We rolled into Gilgit at lunchtime and headed for the Medina guest house. The covered eating/social area was typical of the backpackers joint you’d expect to find anywhere in Thailand. Set in a well kept garden of roses we had secure parking, hot water, good food and great company. We walked in to find Ze Germans tucking into lunch and recognised a few Aussies from the Shandur Pass. We spent three nights here doing our laundry and revelling in our first hot water for a week. During the day we walk to the eating area for breakfast, talk bollocks all day (mostly with Aussies Craig & Simon) and return to our room around midnight. TNT were staying on the outskirts of town and came to visit, unable to resist the excellent grub.

Karakoram Highway

pict0160-kkh-dannyAfter 15 years of thinking about it I finally rode onto the Karakoram Highway. We were pleasantly surprised by the lack of traffic as we headed north and stopped several times to take photos. It had rained a few times over the past few days causing a lot of landslides. Apparently Karakoram stands for ‘Crumbling rock’. This made a lot of sense as the road seemed to be covered in debris at every turn. It wasn’t just the amount of debris that surprised us but the size of the rocks – some were bigger than cars! We had planned to ride to Sust (the border town) and then return to Passu for the night but the low cloud spoilt the view of the mountains and Danny wasn’t feeling well so we decided to ride directly to Passu.
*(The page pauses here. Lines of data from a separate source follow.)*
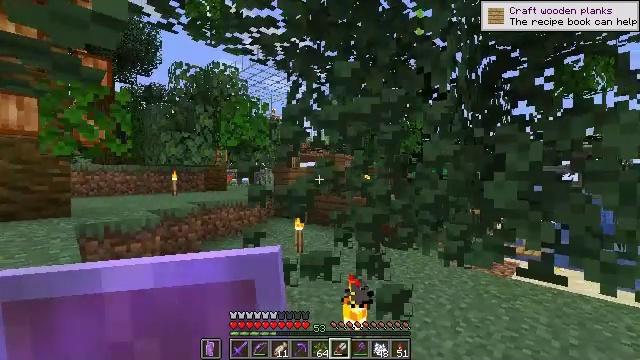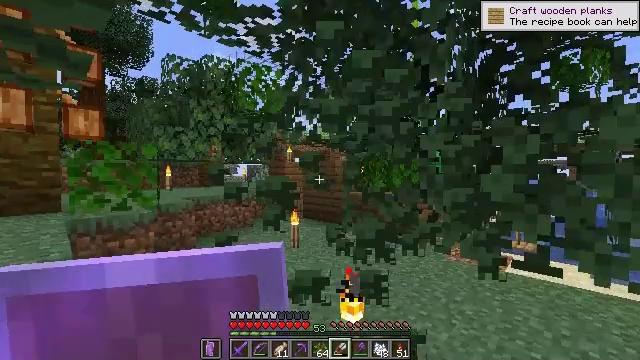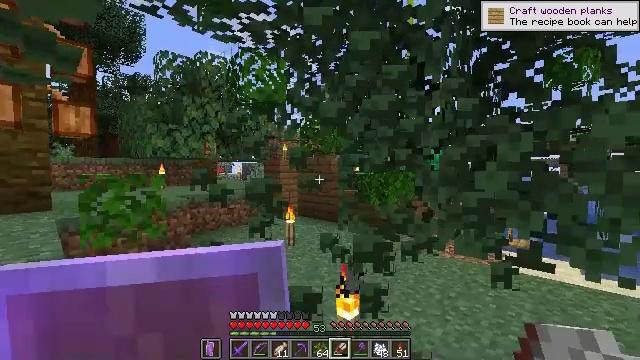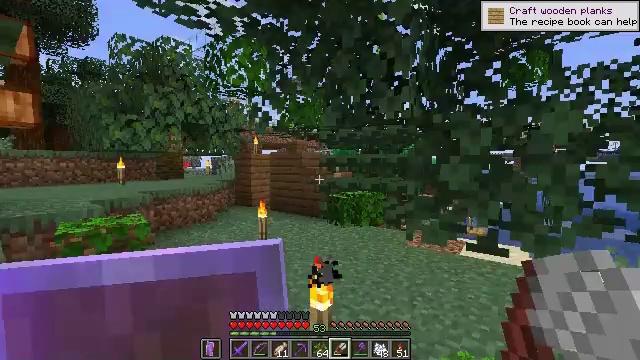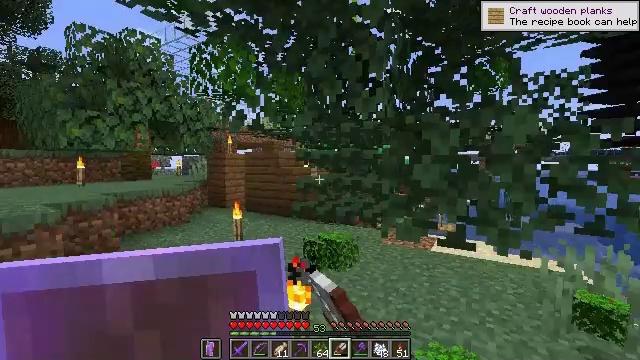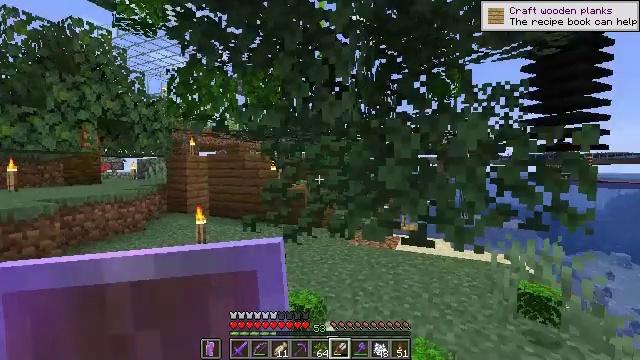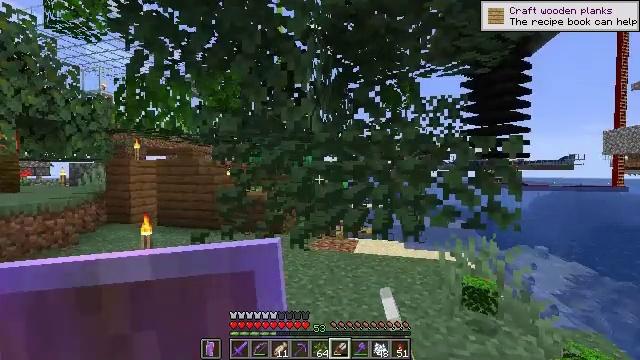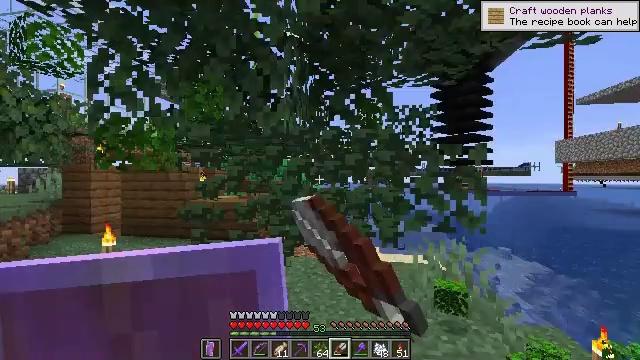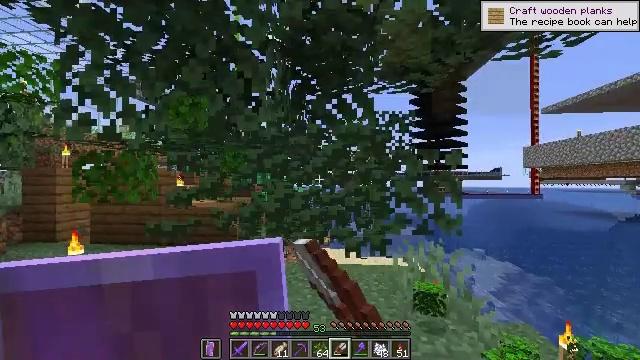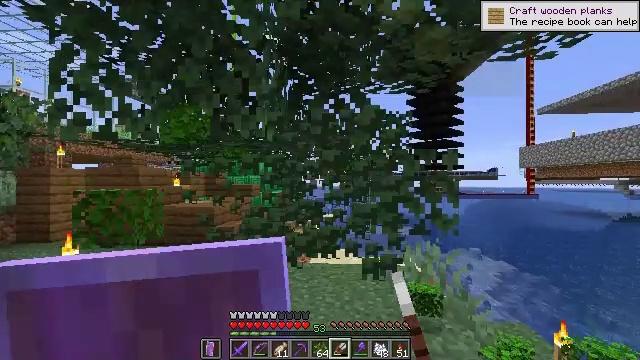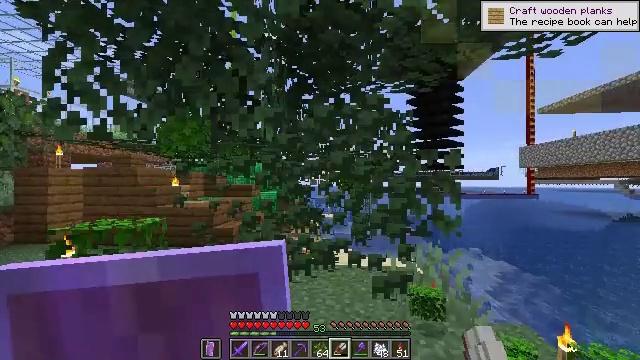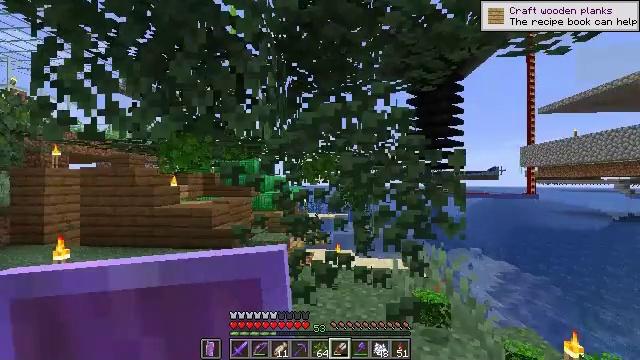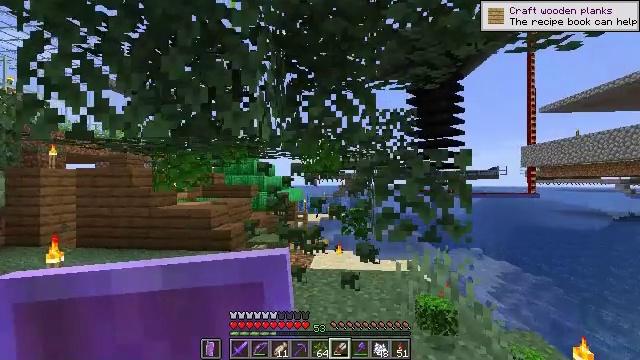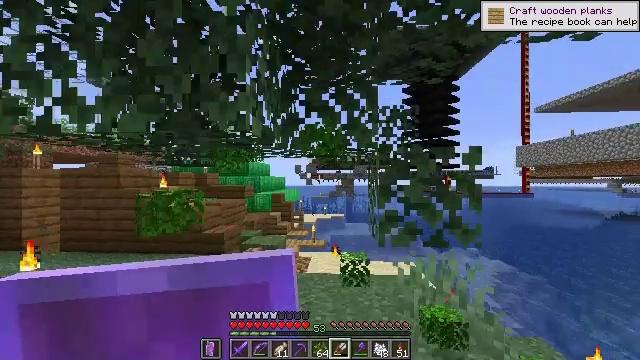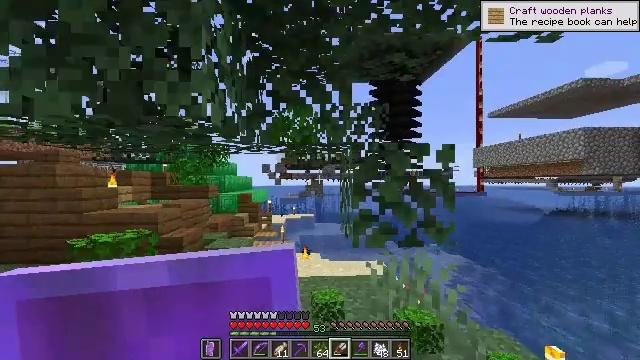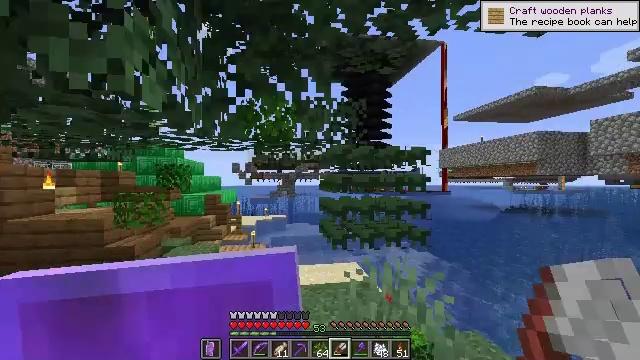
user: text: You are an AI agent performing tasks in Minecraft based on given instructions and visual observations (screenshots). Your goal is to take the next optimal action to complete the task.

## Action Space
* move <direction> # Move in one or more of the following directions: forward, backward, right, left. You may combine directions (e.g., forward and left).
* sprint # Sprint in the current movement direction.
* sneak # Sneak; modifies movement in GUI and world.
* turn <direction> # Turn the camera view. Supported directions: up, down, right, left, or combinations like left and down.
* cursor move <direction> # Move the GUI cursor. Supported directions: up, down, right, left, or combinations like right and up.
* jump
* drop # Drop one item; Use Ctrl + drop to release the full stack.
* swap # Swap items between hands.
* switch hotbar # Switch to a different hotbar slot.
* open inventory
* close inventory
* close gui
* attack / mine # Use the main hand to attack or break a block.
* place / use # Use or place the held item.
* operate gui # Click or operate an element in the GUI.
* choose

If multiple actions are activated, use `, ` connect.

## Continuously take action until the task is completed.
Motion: motion action
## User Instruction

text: Trim the tree by mining oak leaves.
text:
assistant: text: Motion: turn right and down, attack / mine
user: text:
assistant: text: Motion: turn right, attack / mine
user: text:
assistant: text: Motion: turn right and down, attack / mine
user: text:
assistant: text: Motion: turn right, attack / mine
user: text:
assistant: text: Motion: turn right, attack / mine
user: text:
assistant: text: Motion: turn right and up, attack / mine
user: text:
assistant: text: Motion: turn right and up, attack / mine
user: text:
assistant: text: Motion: turn right, attack / mine
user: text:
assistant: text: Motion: attack / mine
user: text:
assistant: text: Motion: move forward, attack / mine
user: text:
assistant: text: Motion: move forward, attack / mine
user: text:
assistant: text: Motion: move forward, attack / mine
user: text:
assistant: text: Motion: move forward, attack / mine
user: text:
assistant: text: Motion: move forward, turn right, attack / mine
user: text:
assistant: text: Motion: move forward, turn right, attack / mine
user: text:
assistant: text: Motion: turn right, attack / mine
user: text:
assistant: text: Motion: turn right, attack / mine
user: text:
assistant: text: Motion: attack / mine
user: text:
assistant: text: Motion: turn right, attack / mine
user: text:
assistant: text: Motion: attack / mine
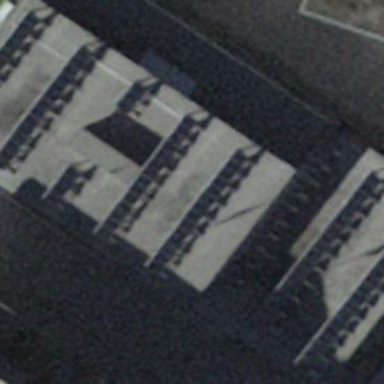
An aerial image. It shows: Power substation.
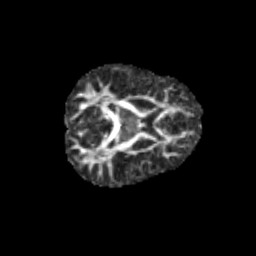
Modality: FA
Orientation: axial
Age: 12
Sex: female
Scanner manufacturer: siemens
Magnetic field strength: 3 T
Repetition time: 3.8 s
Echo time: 0.07 s
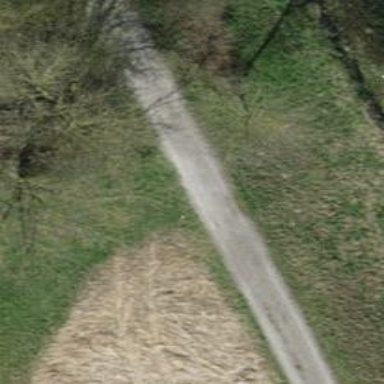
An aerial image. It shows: Compacted grade2 track designated for agricultural motorcars.
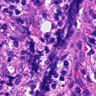
Metastatic tissue present: no
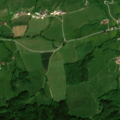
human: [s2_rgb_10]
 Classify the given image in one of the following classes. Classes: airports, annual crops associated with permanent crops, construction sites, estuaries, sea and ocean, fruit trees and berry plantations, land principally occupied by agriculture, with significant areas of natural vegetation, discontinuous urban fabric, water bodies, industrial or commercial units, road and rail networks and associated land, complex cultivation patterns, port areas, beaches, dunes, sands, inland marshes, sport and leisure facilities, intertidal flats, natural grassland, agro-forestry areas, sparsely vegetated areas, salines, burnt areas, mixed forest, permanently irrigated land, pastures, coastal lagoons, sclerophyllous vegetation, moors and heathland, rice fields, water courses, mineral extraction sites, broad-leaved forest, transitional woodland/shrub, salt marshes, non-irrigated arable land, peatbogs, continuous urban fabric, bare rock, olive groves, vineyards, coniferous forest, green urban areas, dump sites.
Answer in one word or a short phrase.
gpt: pastures, complex cultivation patterns, land principally occupied by agriculture, with significant areas of natural vegetation, mixed forest
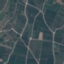
Land use / land cover: PermanentCrop
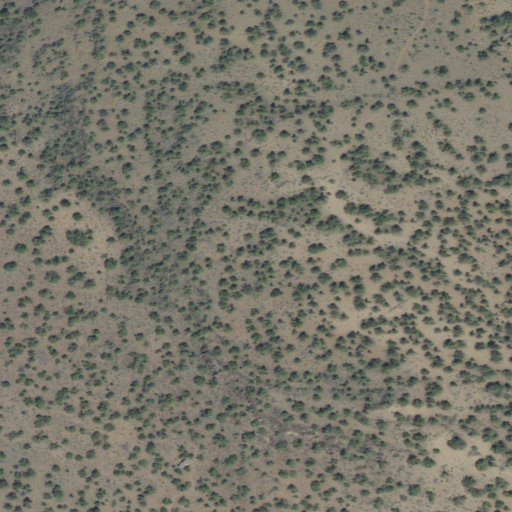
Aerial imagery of mountain in Oregon named Fryrear Butte containing shrub and open development
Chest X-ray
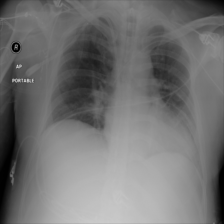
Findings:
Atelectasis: negative
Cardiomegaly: negative
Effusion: negative
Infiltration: negative
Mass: negative
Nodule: negative
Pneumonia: negative
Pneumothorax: negative
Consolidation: negative
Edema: negative
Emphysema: negative
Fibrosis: negative
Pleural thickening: negative
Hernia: negative
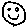
Label: smiley face
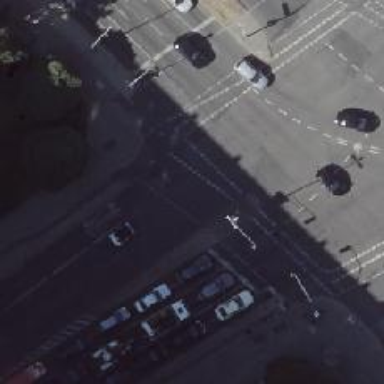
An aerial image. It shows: Road crossing with traffic signals and pedestrian island.
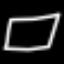
Label: square
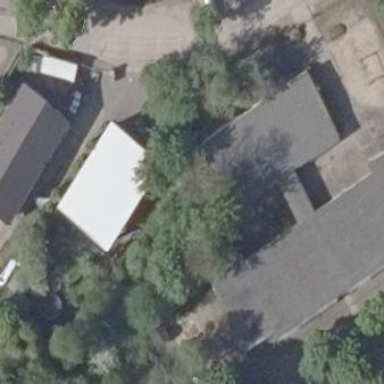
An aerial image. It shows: Kindergarten building.
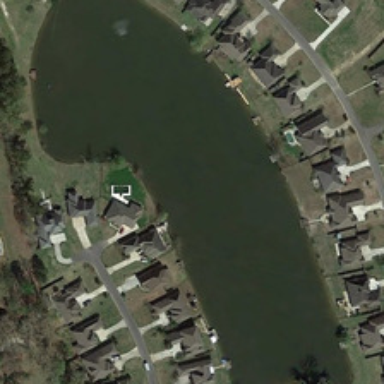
Some buildings and green trees are around an irregular pond .
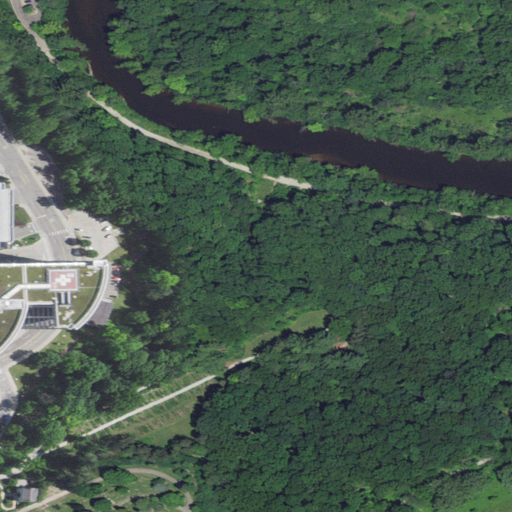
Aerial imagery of valley in Michigan named Schoolgirl's Glen containing deciduous forest, woody wetlands, open water, mixed forest, medium intensity development, low intensity development, high intensity development, evergreen forest, and open development
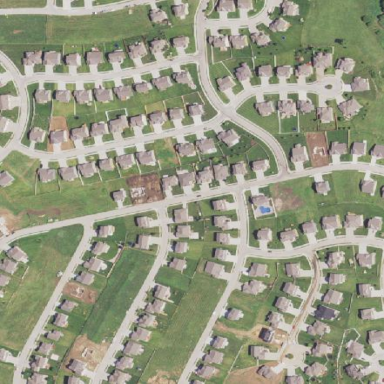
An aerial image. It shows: Residential area composed of single-family homes.
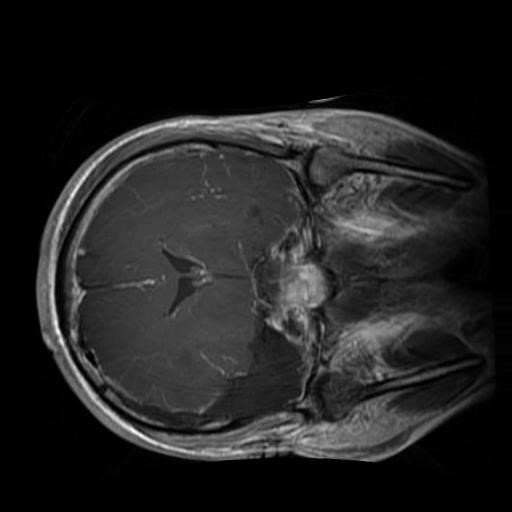
Label: brain_glioma
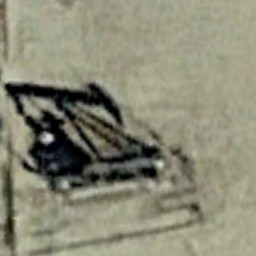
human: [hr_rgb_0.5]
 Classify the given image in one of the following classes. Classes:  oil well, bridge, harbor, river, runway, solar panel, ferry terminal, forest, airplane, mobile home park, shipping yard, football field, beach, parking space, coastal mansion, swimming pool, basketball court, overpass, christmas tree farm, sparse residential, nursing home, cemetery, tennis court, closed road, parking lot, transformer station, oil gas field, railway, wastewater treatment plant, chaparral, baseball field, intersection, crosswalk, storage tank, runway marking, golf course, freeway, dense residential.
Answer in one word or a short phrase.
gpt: oil well
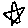
Label: star
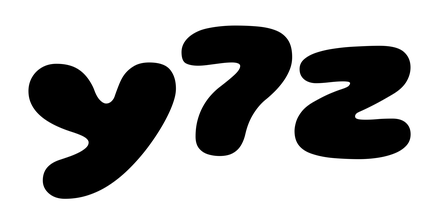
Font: Gluten_Black
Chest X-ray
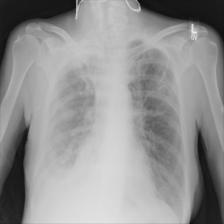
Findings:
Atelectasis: negative
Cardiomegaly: negative
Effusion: negative
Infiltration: negative
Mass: negative
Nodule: negative
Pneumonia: negative
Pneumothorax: negative
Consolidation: negative
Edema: negative
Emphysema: negative
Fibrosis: negative
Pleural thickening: positive
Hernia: negative
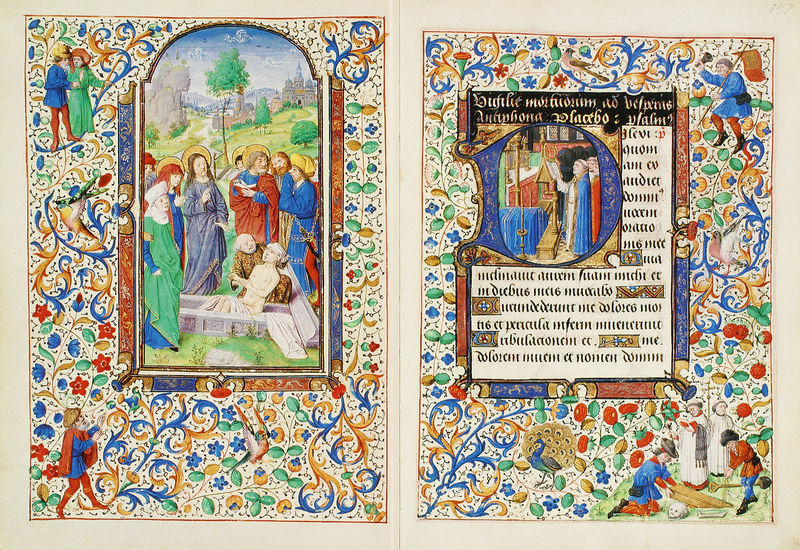
Titel: Stundenbuch der Maria von Burgund
Künstler: Liévin van Lathem
Institution: Wien, Österreichische Nationalbibliothek
Schlagwörter: baum, blau, bäume, gelb, grün, menschen, bunt, rot, muster, ornament, bibel, rahmen, bild, gold, ranken, schrift, floral, krank, buch, illustration, buchstabe, initiale, buchseite, christus, grab, jesus, mittelalter, segen, heilige, jünger, heilung, szenen, auferstehung, latein, buchmalerei, doppelseite, schrfit, d, raken, placebo
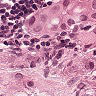
Metastatic tissue present: yes
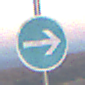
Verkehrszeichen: VorgeschriebeneFahrtrichtungHierRechts
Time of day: SunriseSunset
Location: Outdoor (Nature)
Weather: Clear
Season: NotSpecified
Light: Natural

As we passed through so we spotted Vinny and Gills jeep in a hotel car park and joined them.

Chapusan Valley

They should have been in Kashgar, China by now but a landslide 50m long and 6m deep north of Sust had closed the KKH. The following day Danny stayed in bed whilst I joined Vinny and Gill for a trip to the rarely visited Chapusan Valley. The hotel manager was from the valley and offered to act as a guide having not been home for three months. It was a one hour drive north to Sust before picking up the jeep road west. 1.5 hours into the jeep road we got a double puncture. Luckily for us 15mins later a jeep passed by heading for Sust (this would be the only jeep we would see for the rest of the day). The hotel manager took one of the flat tyres and returned to Sust whilst the rest of us changed the other. Three hours later he returned in another jeep with a repaired tyre. Joel (Vinny and Gills driver) took their jeep back to Sust to get the spare tyre repaired whilst we continued our journey in the local jeep. The quoted one hour ride turned out to be 2.5hrs but we didn’t mind as the upper reaches of the valley were beautiful. Traditional lunch with the hotel manager’s family consisted of flour, water and salt mixed into a paste with melted goats butter poured over it and scooped up with chapattis. With the whole extended family of 15 people looking on as we ate we couldn’t refuse. We didn’t leave until 1800 and our fears of driving the jeep track in the dark were soon confirmed. Luckily we had a decent driver and he got us back to Sust in 2.5 hrs. We met Joel and returned to Passu.

Passu – Karimabad

The following morning we visited one of the suspension bridges regularly photographed in promotional material for the Hunza Valley.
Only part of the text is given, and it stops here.